2. Time for Filing: The timely filing of a notice of appeal is mandatory and jurisdictional. Rinaldo v. Corbett, 256 F.3d 1276, 1278 (11th Cir. 2001). In civil cases, Fed.R.App.P. 4(a) and (c) set the following time limits:

(a) Fed.R.App.P. 4(a)(1): A notice of appeal in compliance with the requirements set forth in Fed.R.App.P. 3 must be filed in the district court within 30 days after the entry of the order or judgment appealed from. However, if the United States or an officer or agency thereof is a party, the notice of appeal must be filed in the district court within 60 days after such entry. THE NOTICE MUST BE RECEIVED AND FILED IN THE DISTRICT COURT NO LATER THAN THE LAST DAY OF THE APPEAL PERIOD — no additional days are provided for mailing. Special filing provisions for inmates are discussed below. (b) Fed.R.App.P. 4(a)(3): "If one party timely files a notice of appeal, any other party may file a notice of appeal within 14 days after the date when the first notice was filed, or within the time otherwise prescribed by this Rule 4(a), whichever period ends later." (c) Fed.R.App.P. 4(a)(4): If any party makes a timely motion in the district court under the Federal Rules of Civil Procedure of a type specified in this rule, the time for appeal for all parties runs from the date of entry of the order disposing of the last such timely filed motion. (d) Fed.R.App.P. 4(a)(5) and 4(a)(6): Under certain limited circumstances, the district court may extend the time to file a notice of appeal. Under Rule 4(a)(5), the time may be extended if a motion for an extension is filed within 30 days after expiration of the time otherwise provided to file a notice of appeal, upon a showing of excusable neglect or good cause. Under Rule 4(a)(6), the time may be extended if the district court finds upon motion that a party did not timely receive notice of the entry of the judgment or order, and that no party would be prejudiced by an extension. (e) Fed.R.App.P. 4(c): If an inmate confined to an institution files a notice of appeal in either a civil case or a criminal case, the notice of appeal is timely if it is deposited in the institution's internal mail system on or before the last day for filing. Timely filing may be shown by a declaration in compliance with 28 U.S.C. § 1746 or a notarized statement, either of which must set forth the date of deposit and state that first-class postage has been prepaid.
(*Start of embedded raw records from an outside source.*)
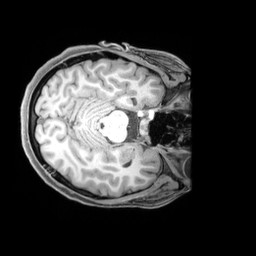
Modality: T1w
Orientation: axial
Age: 22
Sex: female
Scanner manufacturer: siemens
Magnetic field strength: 3 T
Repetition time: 1.97 s
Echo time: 0.00206 s
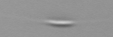
Label: Cylindrotheca_morphotype1
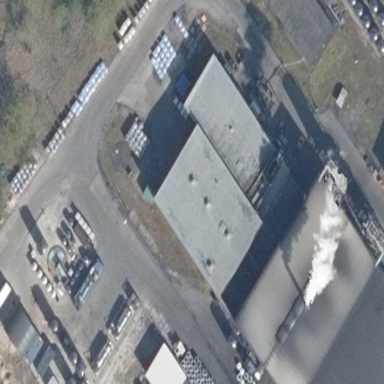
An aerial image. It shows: Industrial building with flat black roof.
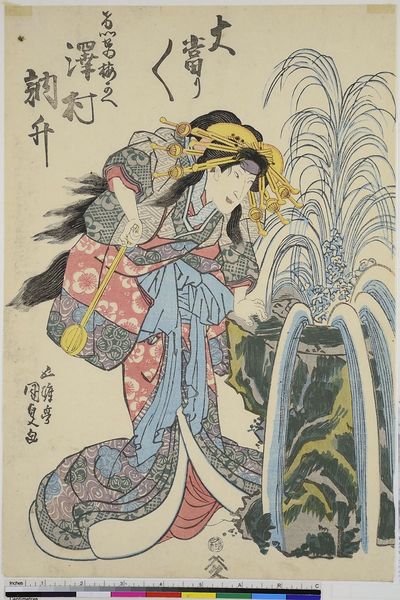
Titel: Oatari oatari: Der Schauspieler Sawamura Tossho als Umegae
Künstler: Utagawa Kunisada
Standort: Hamburg
Institution: Museum für Kunst und Gewerbe Hamburg
Schlagwörter: theater, springbrunnen, holzschnitt, druckgraphik, druckgrafik, zeit, schauspieler, farbholzschnitt, schauspielerin, kabuki, edo, reproduktionen, druckerzeugnisse, theateraufführung, ukiyo
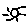
Label: sun
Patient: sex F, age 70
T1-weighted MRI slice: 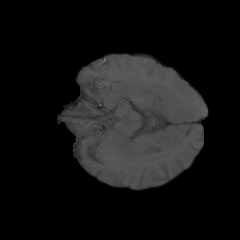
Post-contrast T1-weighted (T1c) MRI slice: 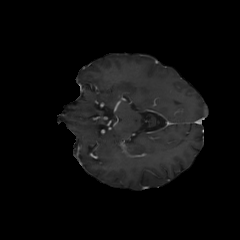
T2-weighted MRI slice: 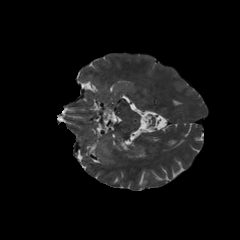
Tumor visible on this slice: yes
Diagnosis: Glioblastoma, IDH-wildtype
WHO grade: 4
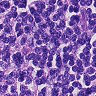
Metastatic tissue present: no
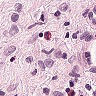
Metastatic tissue present: no
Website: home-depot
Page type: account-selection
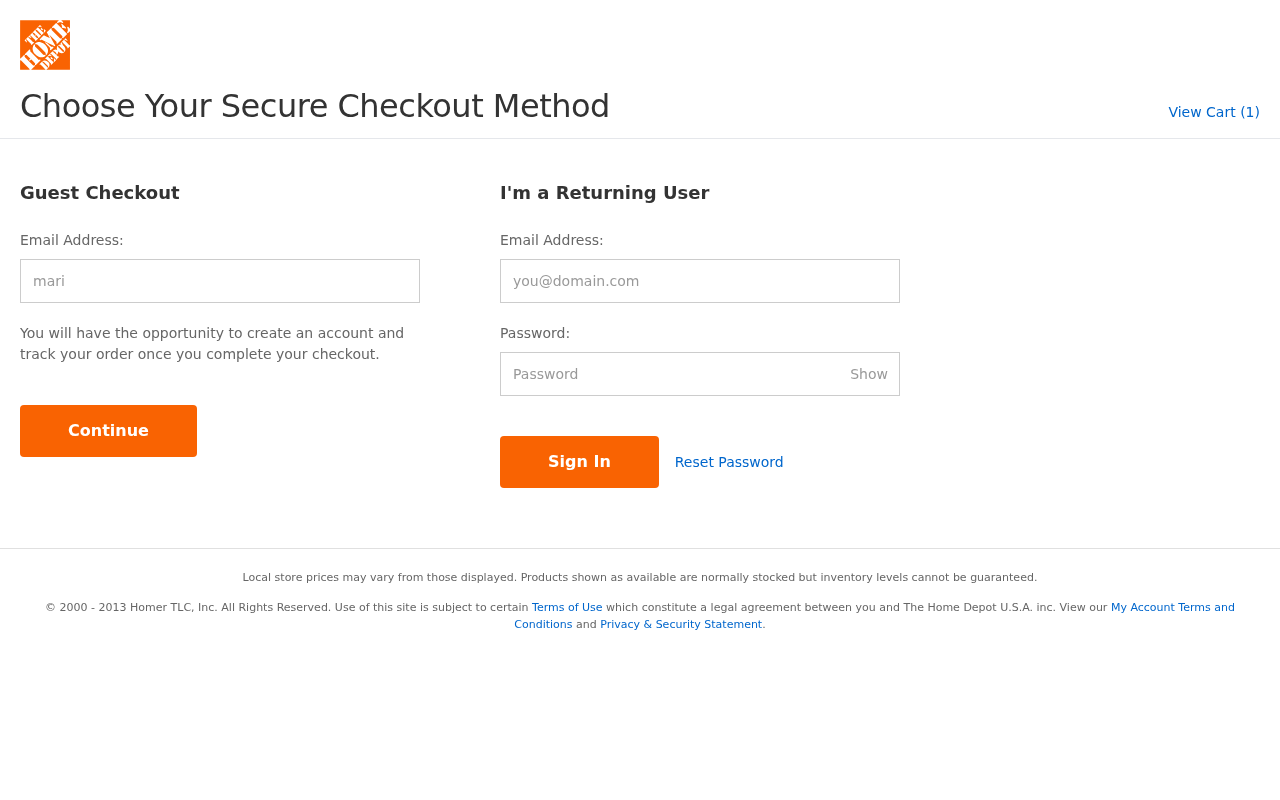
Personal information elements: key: PII_LOGIN_USERNAME
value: mariachang54
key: PII_LOGIN_USERNAME2
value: mariachang54
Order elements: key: ORDER_NUM_ITEMS
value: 1
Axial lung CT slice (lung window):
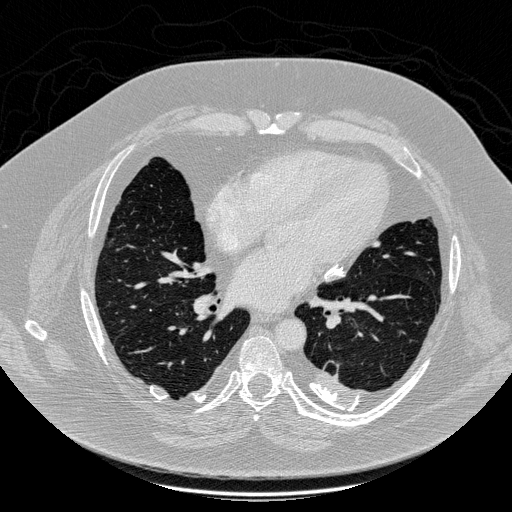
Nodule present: no
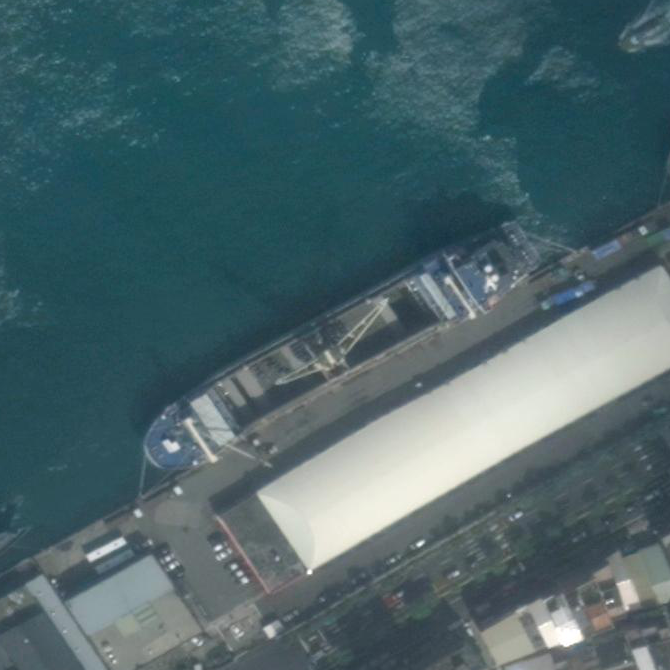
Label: civil
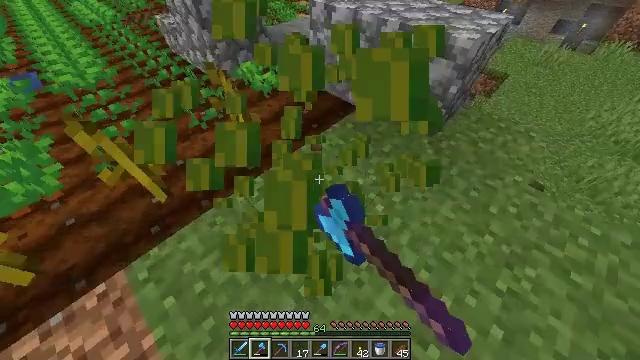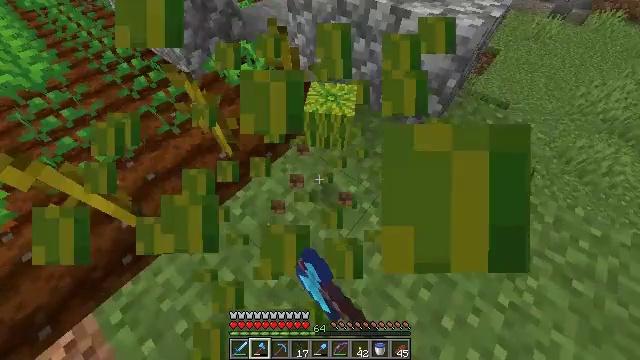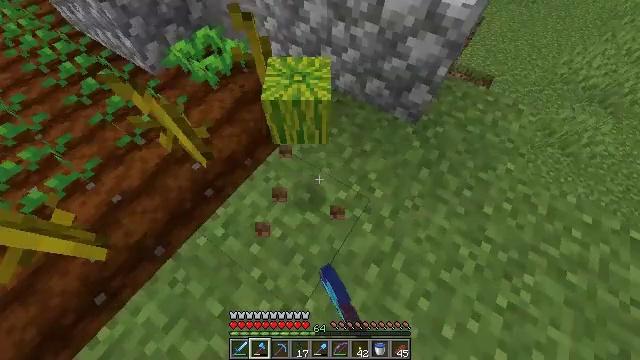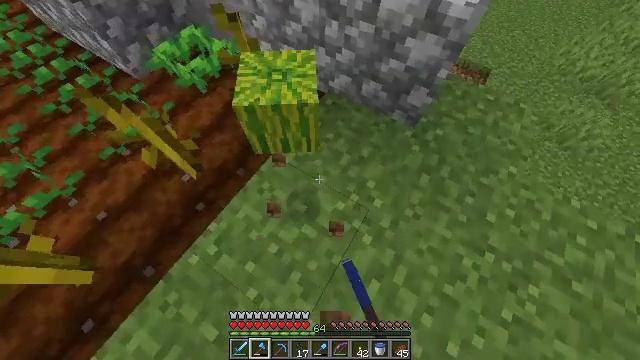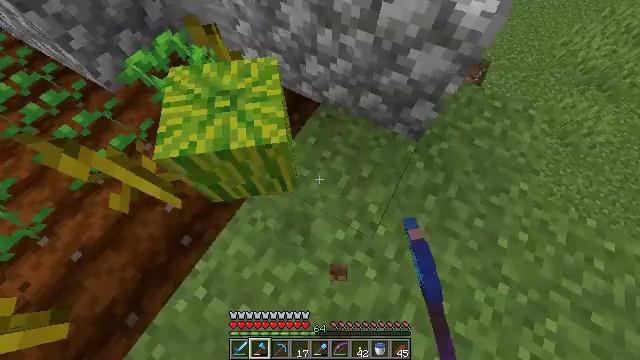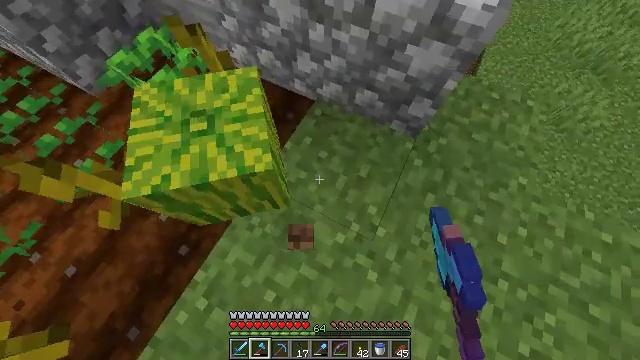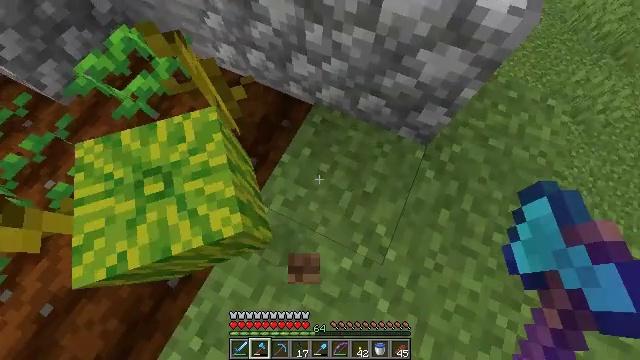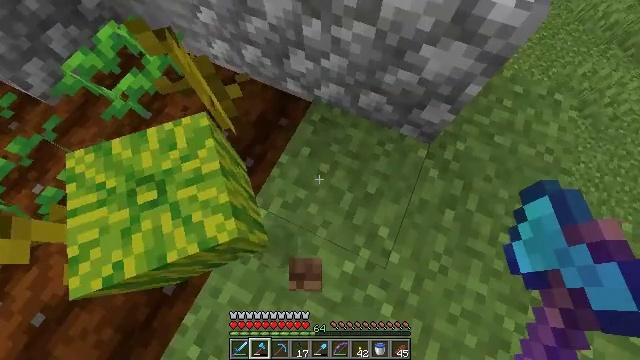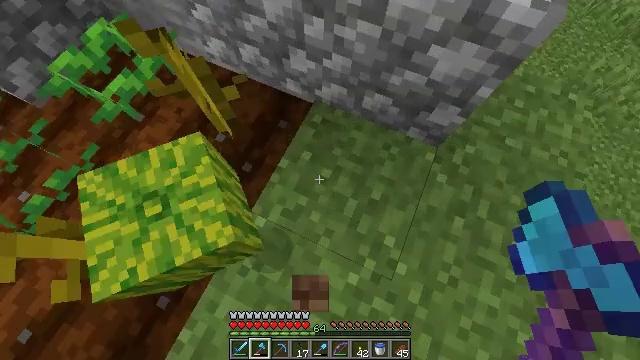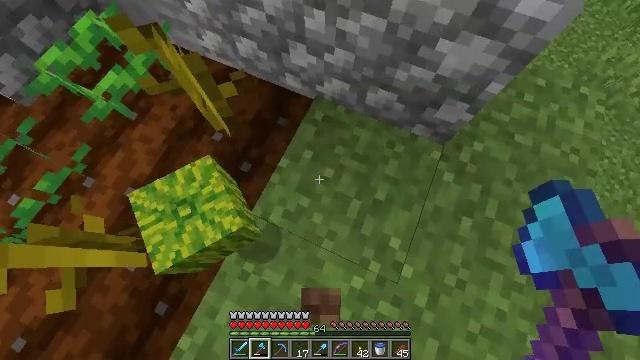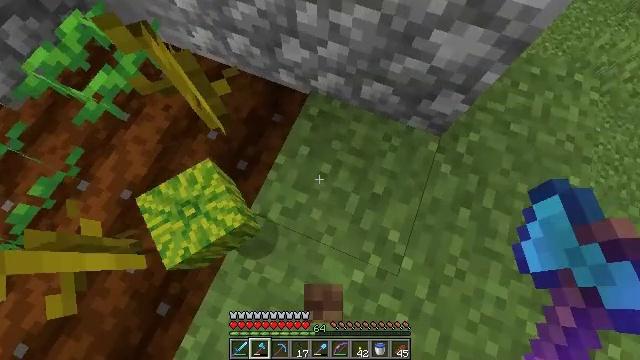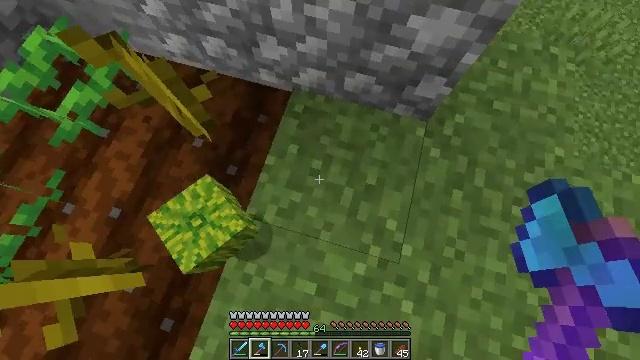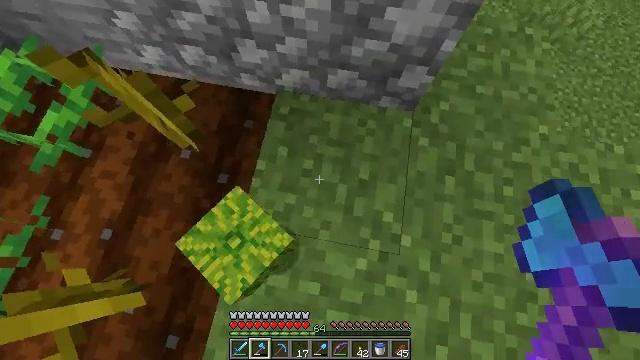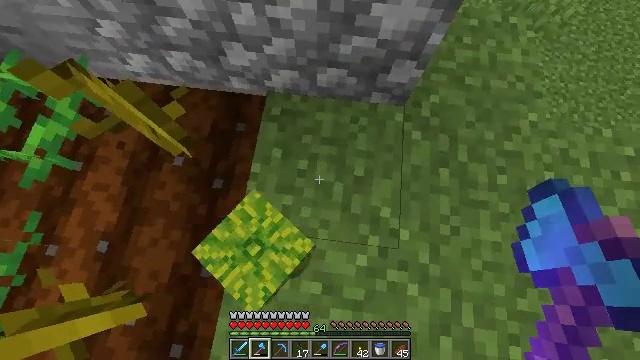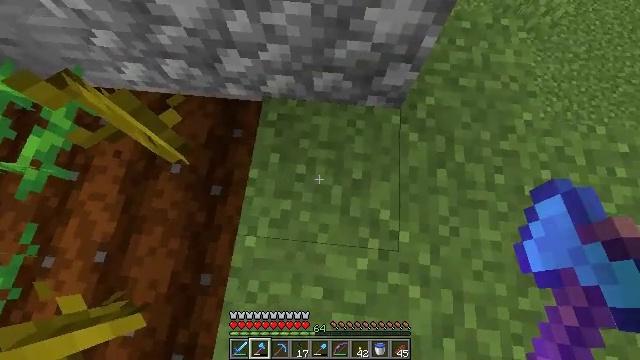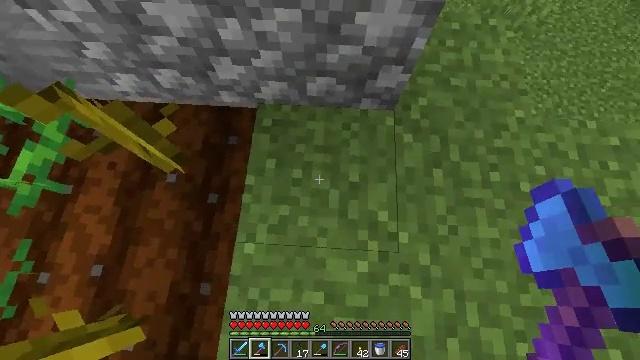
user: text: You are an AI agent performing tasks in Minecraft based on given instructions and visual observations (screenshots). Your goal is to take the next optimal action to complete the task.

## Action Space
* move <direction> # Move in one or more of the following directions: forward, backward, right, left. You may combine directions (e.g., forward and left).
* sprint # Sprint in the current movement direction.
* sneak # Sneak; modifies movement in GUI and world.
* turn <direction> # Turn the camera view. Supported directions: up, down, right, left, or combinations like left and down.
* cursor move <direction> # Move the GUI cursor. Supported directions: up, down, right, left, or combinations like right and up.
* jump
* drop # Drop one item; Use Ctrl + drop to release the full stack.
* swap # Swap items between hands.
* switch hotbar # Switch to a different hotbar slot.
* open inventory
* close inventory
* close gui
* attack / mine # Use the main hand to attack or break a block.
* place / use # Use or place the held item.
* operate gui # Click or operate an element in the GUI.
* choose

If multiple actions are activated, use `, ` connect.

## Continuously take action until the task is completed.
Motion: motion action
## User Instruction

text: Remove a diamond axe from the inventory.
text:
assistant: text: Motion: move forward, turn right and down
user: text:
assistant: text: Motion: move forward, turn right and down
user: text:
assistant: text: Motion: move forward, turn right and down
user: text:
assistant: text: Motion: move forward, turn right and down
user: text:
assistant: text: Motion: turn right and down
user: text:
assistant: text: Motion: turn right and down
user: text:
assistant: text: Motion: no_op
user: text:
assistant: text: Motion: no_op
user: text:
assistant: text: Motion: turn down
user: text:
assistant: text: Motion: turn right and down
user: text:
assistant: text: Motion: turn right
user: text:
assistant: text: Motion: turn right
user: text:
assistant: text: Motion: turn right
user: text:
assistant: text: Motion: turn right
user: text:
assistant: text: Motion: turn right
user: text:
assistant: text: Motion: move right, turn right and up
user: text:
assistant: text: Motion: move right, turn right and up
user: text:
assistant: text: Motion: move right, turn right and up
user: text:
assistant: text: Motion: move right, turn right and up
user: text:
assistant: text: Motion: move forward and move right, sprint, turn right and up
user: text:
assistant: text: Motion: move forward and move right, sprint, turn right and up
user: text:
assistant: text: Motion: move forward, sprint, turn right and up
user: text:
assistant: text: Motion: move forward, sprint, turn right and up
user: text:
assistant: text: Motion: move forward, sprint, turn right and up
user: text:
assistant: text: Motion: move forward, sprint, turn right and up
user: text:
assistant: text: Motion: move forward, sprint
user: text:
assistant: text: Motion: move forward, sprint
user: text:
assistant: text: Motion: move forward and move right, sprint, jump
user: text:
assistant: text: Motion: move forward and move right, sprint, jump
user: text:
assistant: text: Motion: move forward and move right, sprint, jump

3. Format of the notice of appeal: Form 1, Appendix of Forms to the Federal Rules of Appellate Procedure, is a suitable format. See also Fed.R.App.P. 3(c). A pro se notice of appeal must be signed by the appellant.

4. Effect of a notice of appeal: A district court loses jurisdiction (authority) to act after the filing of a timely notice of appeal, except for actions in aid of appellate jurisdiction or to rule on a timely motion of the type specified in Fed.R.App.P. 4(a)(4).

FootNotes


1. The Note states "the lesser of (i) 16% per annum or (ii) the maximum interest rate that Borrower may by law be required to pay," but Alabama does not limit the interest rate that may be set on loans over $2,000. See ALA. CODE § 8-8-5.